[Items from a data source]
*** Block opens ***

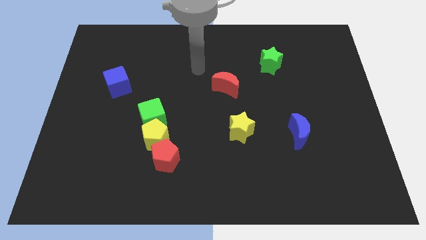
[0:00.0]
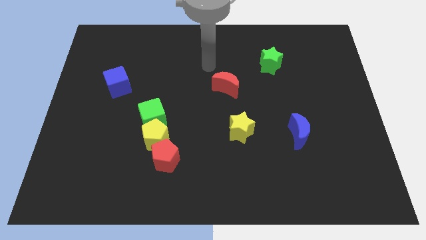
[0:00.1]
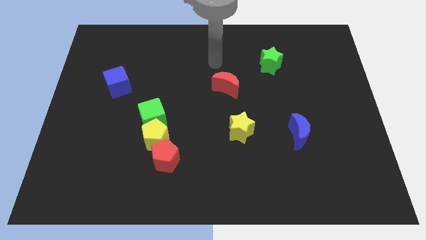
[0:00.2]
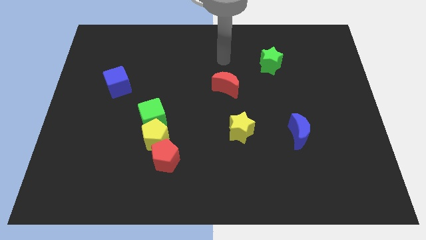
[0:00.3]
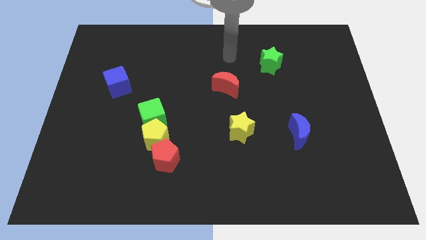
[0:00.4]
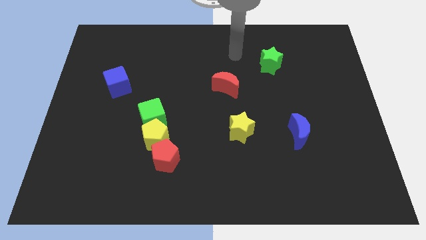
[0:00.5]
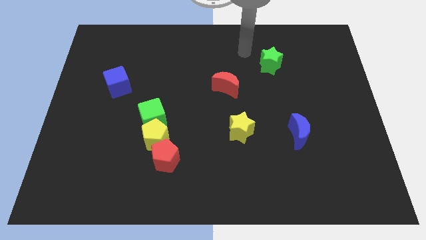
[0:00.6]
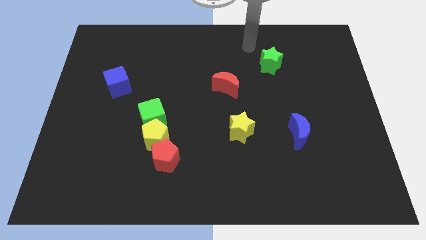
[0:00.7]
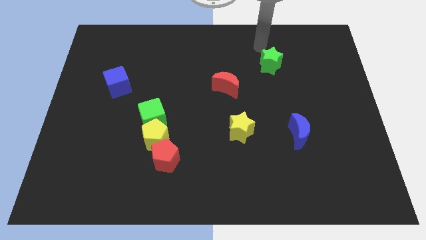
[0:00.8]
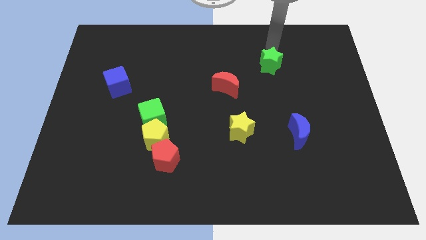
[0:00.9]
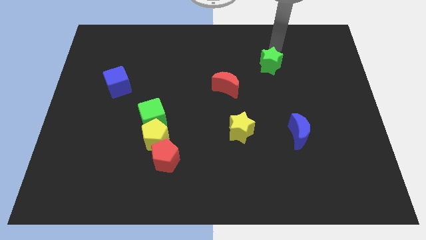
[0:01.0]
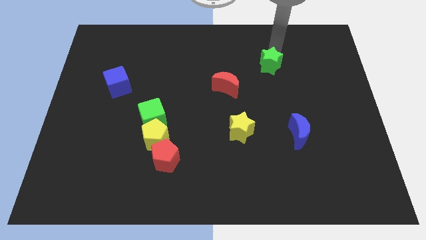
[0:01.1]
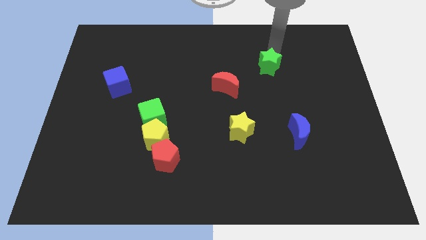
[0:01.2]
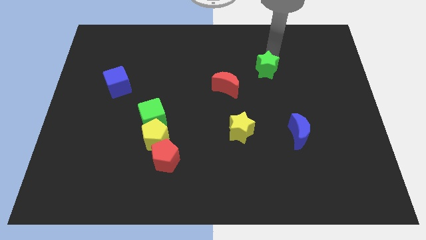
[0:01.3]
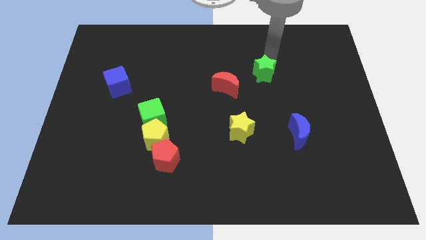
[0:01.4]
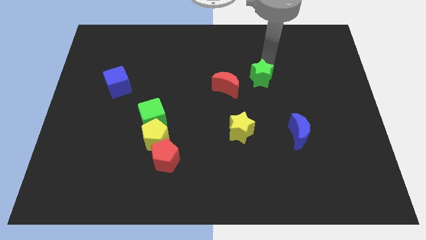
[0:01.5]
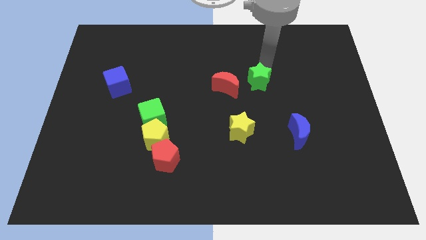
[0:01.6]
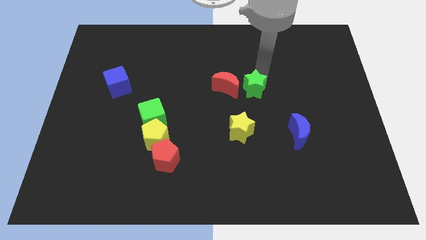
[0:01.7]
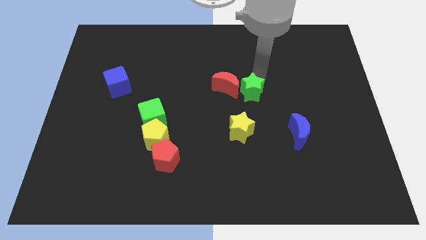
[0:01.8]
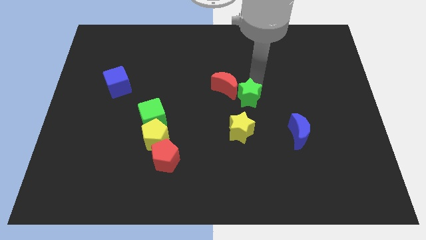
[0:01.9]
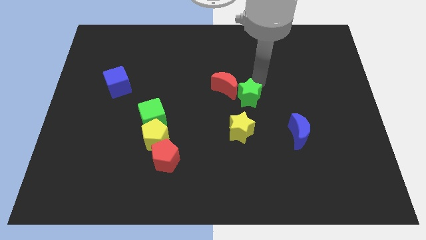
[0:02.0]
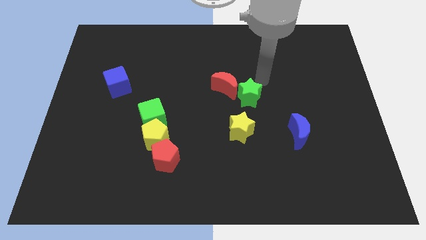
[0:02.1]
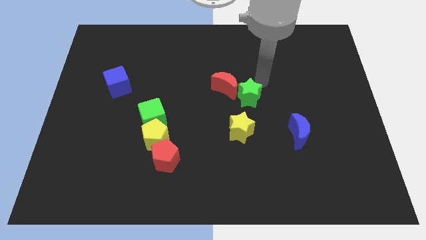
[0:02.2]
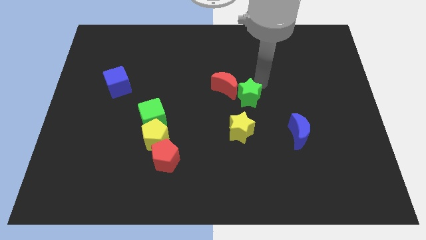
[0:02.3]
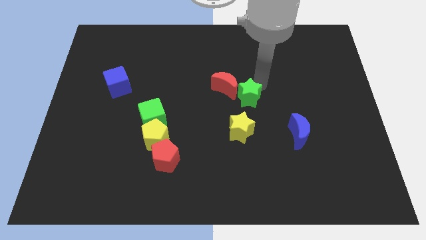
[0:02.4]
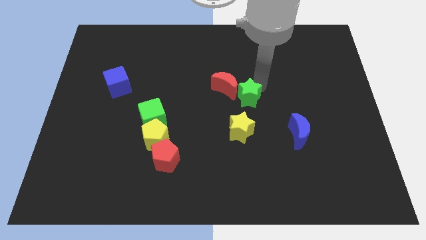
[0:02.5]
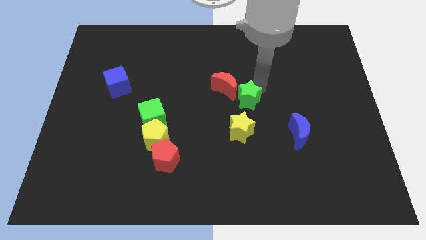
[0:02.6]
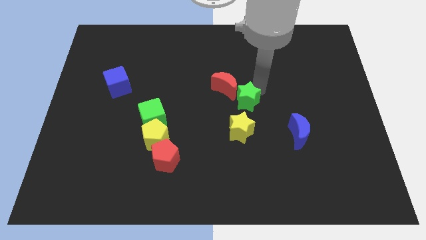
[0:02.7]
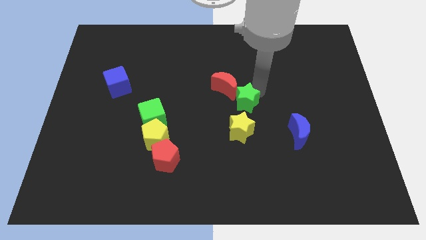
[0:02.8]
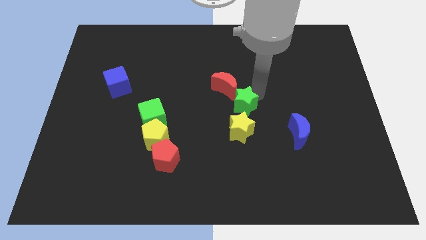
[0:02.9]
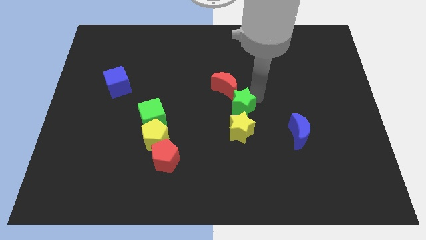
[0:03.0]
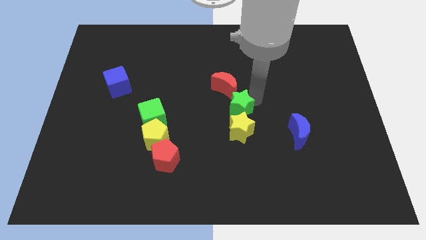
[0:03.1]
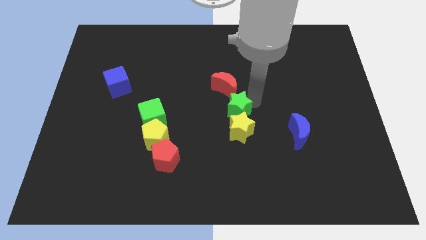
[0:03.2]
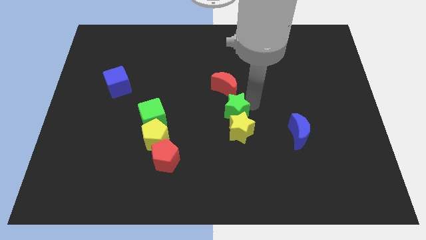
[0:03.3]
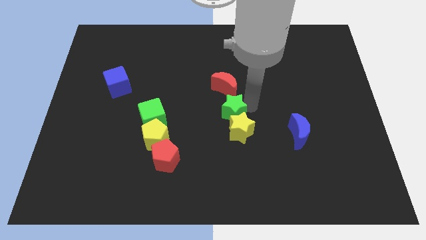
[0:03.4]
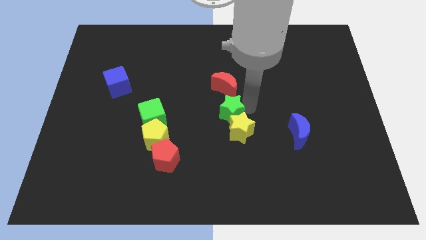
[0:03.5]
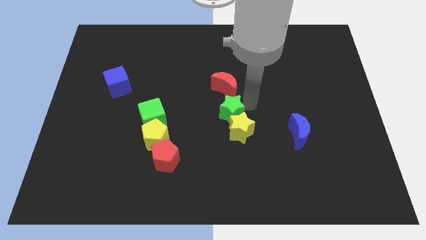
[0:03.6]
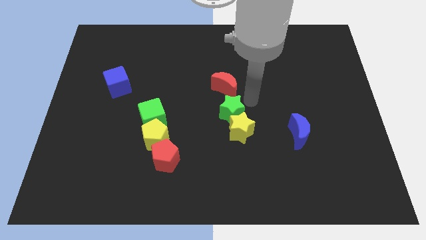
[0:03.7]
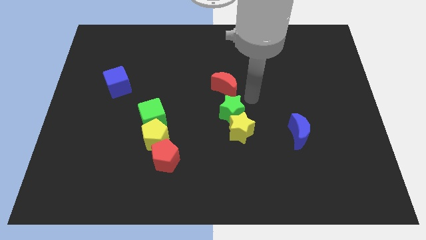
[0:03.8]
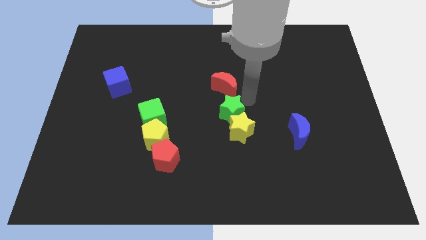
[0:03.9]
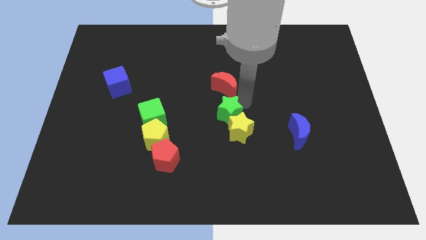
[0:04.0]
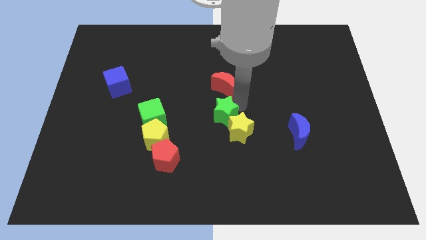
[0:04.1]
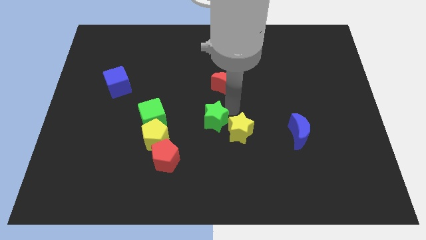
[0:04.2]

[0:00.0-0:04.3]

*** Block closes ***

### ACTIVITY
From the first line to the last, repeat the records exactly, leaving out the pictures.

### YOUR SOLUTION
[0:00.0]
[0:00.1]
[0:00.2]
[0:00.3]
[0:00.4]
[0:00.5]
[0:00.6]
[0:00.7]
[0:00.8]
[0:00.9]
[0:01.0]
[0:01.1]
[0:01.2]
[0:01.3]
[0:01.4]
[0:01.5]
[0:01.6]
[0:01.7]
[0:01.8]
[0:01.9]
[0:02.0]
[0:02.1]
[0:02.2]
[0:02.3]
[0:02.4]
[0:02.5]
[0:02.6]
[0:02.7]
[0:02.8]
[0:02.9]
[0:03.0]
[0:03.1]
[0:03.2]
[0:03.3]
[0:03.4]
[0:03.5]
[0:03.6]
[0:03.7]
[0:03.8]
[0:03.9]
[0:04.0]
[0:04.1]
[0:04.2]

[0:00.0-0:04.3]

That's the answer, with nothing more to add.